Ini adalah penyakit kepribadian orang tolol, tipe manusia seperti ini tidak
bisa dipercaya netralitas pendapatnya tentang politik.
Bahkan
kebanyakan dari mereka bermental kekanak-kanakan, goblok, sok tahu dan gemar
bermain api kerusuhan di depan mimbar maupun di lapangan kampanye.
Satu
hal lagi, mereka tahu orasi politik hanya tebar pesona politikus yang berisikan
janji manis, sama sekali tidak bermanfaat tapi tetap didatangi karena disana
ada pamrih. Begitupun dengan kandidat yang akan dipilih.
Orang
cerdas akan berpikir, bahwa kampanye adalah tempat berkumpulnya manusia goblok
yang mengaku cerdas. Karena semakin tolol manusia biasanya kian banyak bicara
tentang hal-hal yang belum jelas, mereka merasa lebih tahu mengenai sesuatu
yang belum pernah dialami, bahkan mampu menjelaskan secara detail sesuatu hal
yang masih remang-remang.
Misalnya
berkeyakinan jika kandidat “A”
menang dengan pasti dapat merubah kehidupan masyarakat, memberikan program
terbaik dengan hasil sempurna, membandingkan masa sebelumnya dengan keadaan
yang akan datang.
Padahal
mereka sama sekali belum pernah mengalami langsung dan apalagi membuktikan.

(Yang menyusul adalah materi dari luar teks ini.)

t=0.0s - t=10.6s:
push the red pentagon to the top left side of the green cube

Tapi bagi mereka yang cerdas, tidak akan pernah tahu tentang hal yang belum
pernah di alami, dilihat, dirasakan dan akan berkata, “Saya
tidak tahu”. Tapi diam-diam akan mencari tahu (bukan makanan).
Coba
bayangkan ketika sebuah media publik menggelar promosi dan para kadernya
ramai-ramai menyatakan, “Katakan TIDAK PADA KORUPSI!!!”.

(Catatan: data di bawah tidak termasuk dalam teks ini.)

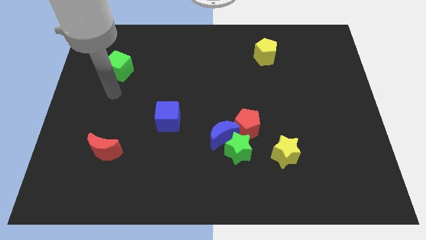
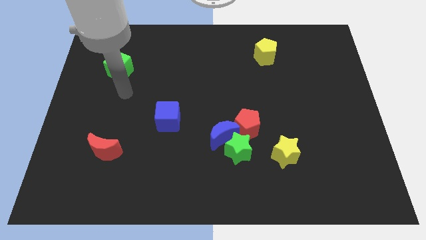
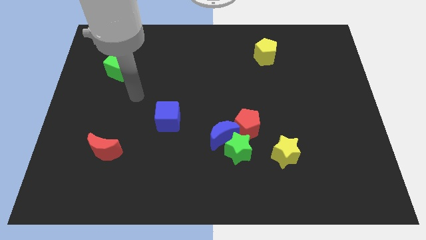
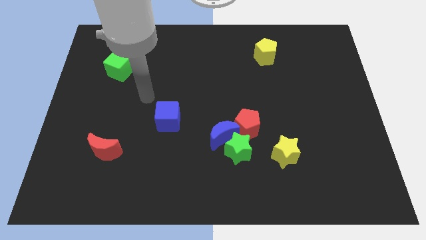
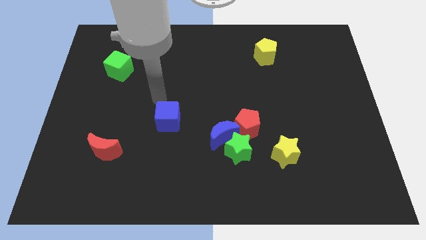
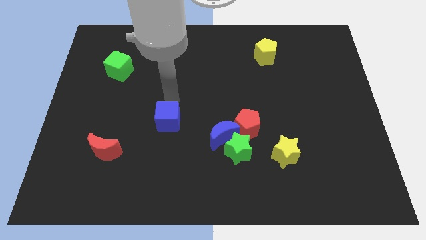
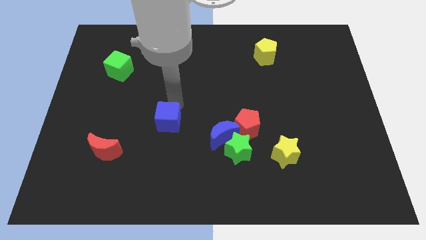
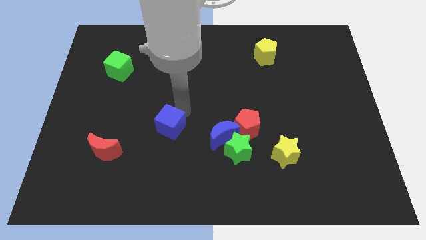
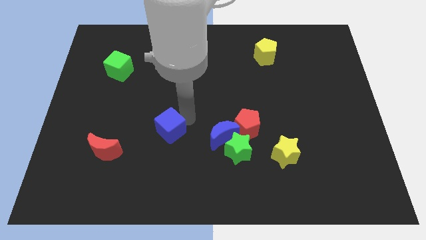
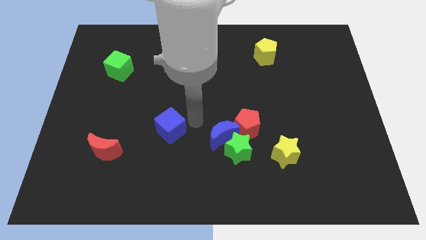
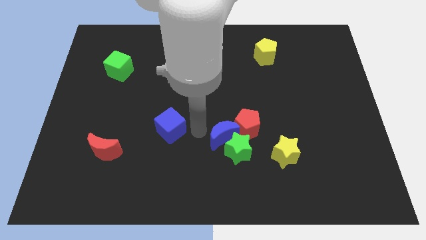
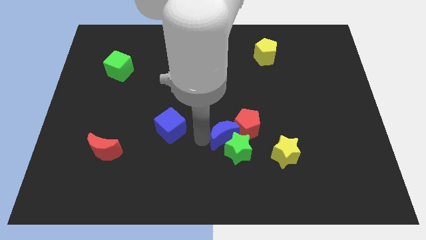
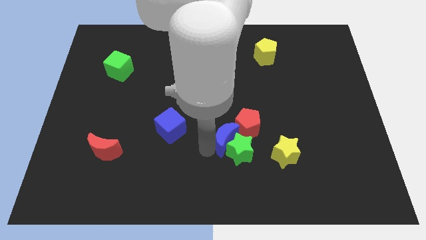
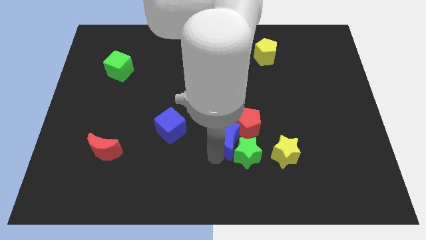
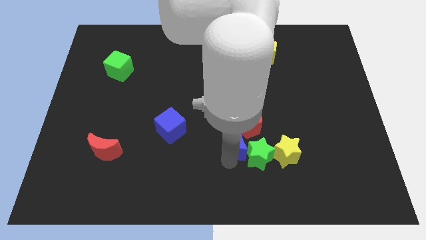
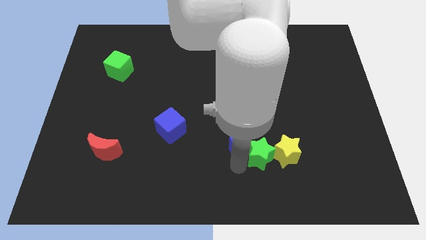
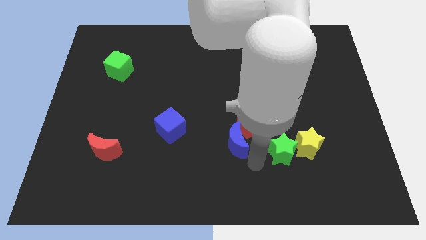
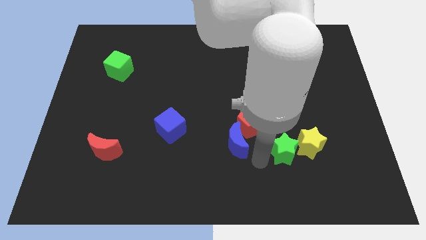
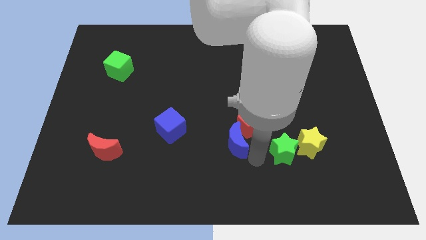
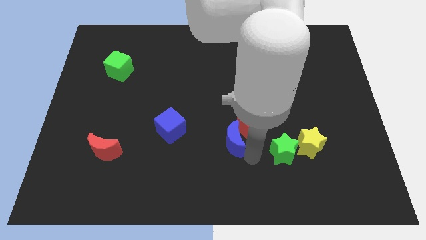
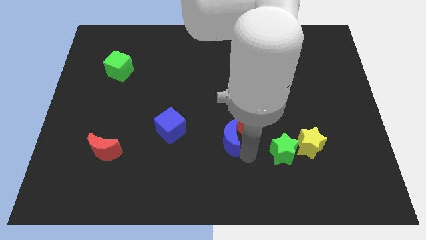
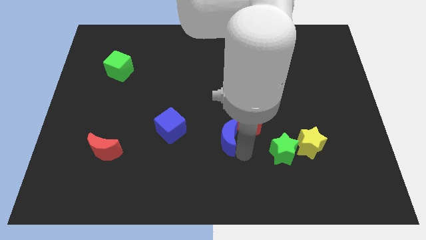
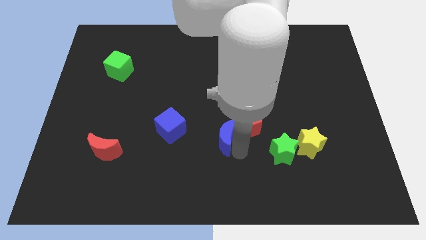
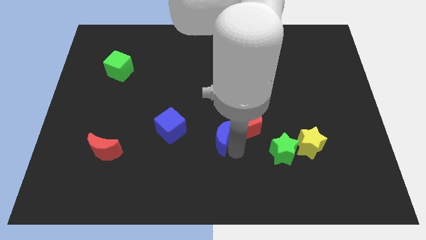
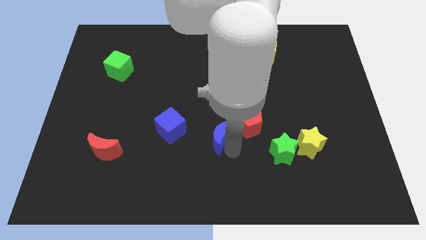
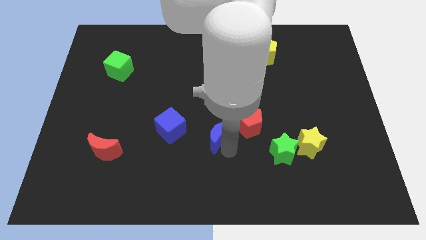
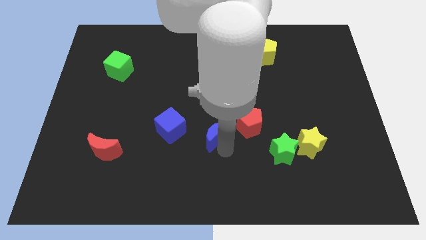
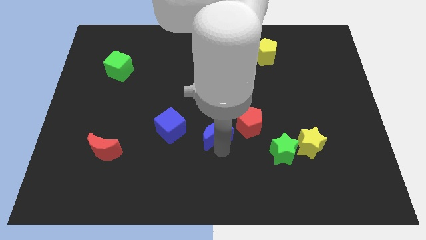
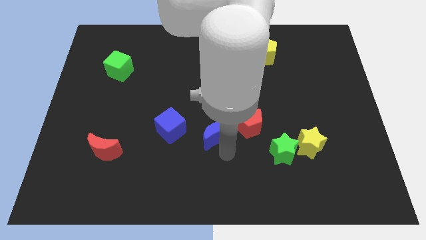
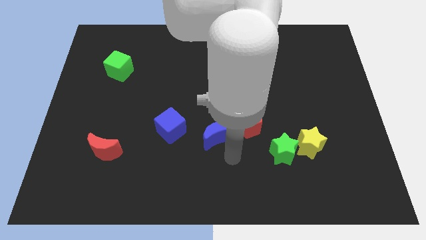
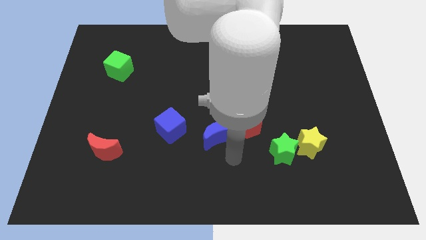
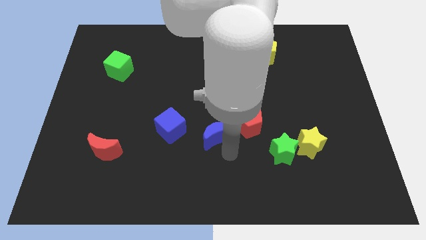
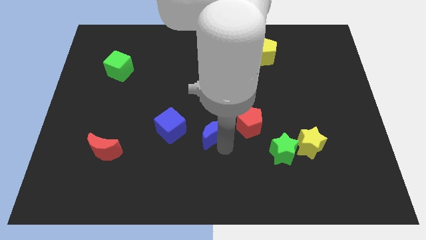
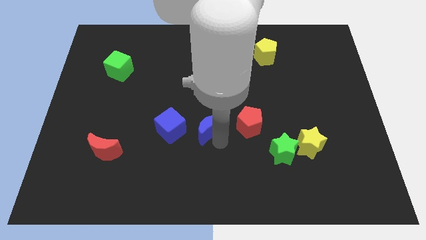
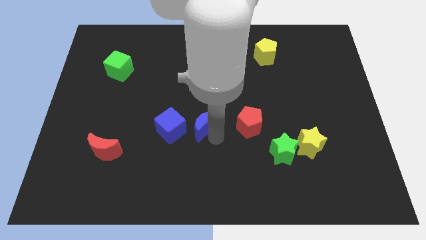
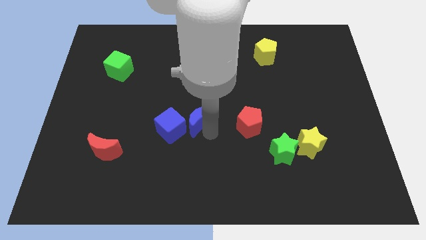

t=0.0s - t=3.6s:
move the blue moon to the top right side of the blue cube

Alih-alih setelah menjabat justru mereka semua tersangkut skandal korupsi.
Fakta ini sudah menjadi rahasia umum.
Inilah
yang sebuah dasar pemikiran manusia rendah moral, mereka akan berbuat baik jika
menemukan keyakinan argumen pada sebuah ideologi (politik), menentang ideologi
pihak lain dan justru berbuat anarki atau setidaknya bersikap sinis.
Sepertinya
moralitas mereka palsu karena ada gula ada semut. Loyal dan sering menggelar
bakti sosial, mereka berharap honor besar untuk mengembalikan modal umpan.
Apapun
atau bagaimanapun platform sebuah ideologi politik yang menjadikan agama
sebagai landasan moral dan etika berbangsa dan bernegara maupun berkonsep
nasionalis, tujuan tersembunyi para kader dalam diskusi internal biasanya
menyebut bahwa power partai politik mereka besar dan kuat untuk membuktikan
bahwa bendera komprtitor mereka lemah. Begitupun sebaliknya sama saja.
Pemilih
Cerdas
Karena
sebuah kecerdasan mereka mampu ambil keputusan, berani menentukan pilihan. Tapi
di balik tingkat kecerdasan tersebut, tersembunyi kebodohan yang tidak belajar
dari sejarah (track record) parpol maupun kandidat pilihannya.
Rata-rata
mereka yang memilih karena sudah terhasut oleh khotbah moral dan tergiur
lipstick sosial kampanye, mirip janji masa depan trainer multi level marketing
(MLM). Apa yang disampaikan adalah tentang hal yang tidak pernah dilakukan dan
tidak mungkin dipraktekkan.
Alih-alih
suara yang diberikan efek dari virus mimpi politik, membangun pencitraan diri
dengan modal gombal mukio. Sangat langka di antara mereka yang berani memilih
secara realistis.
Kesadaran
mereka terbang ke dunia angan-angan, meskipun secara faktanya mereka berpijak
di muka bumi tapi tetap saja akan menghayal untuk membunuh segala kegelisahan.
Itu sebabnya kelompok politisi masih laris hingga kini.
Selagi
kesadaran manusia dihinggapi angan-angan serta tingginya pengharapan, maka
semua doktrin akan gampang ditelan bulat-bulat. Mirip tahi kambing rasa
cokelat. Oleh sebab itulah banyak sekali kandidat yang dikenal begitu hebat,
membuat para voter simpati pada awal perkenalan tapi berakhir dengan
menyebalkan.
Mereka
yang sedang mempersiapkan diri menuju kursi panas yang empuk jarang sekali yang
sanggup dan berani membuat masyarakat jengkel di awal, tapi semakin hari kian
menebar simpati dan patut dibanggakan.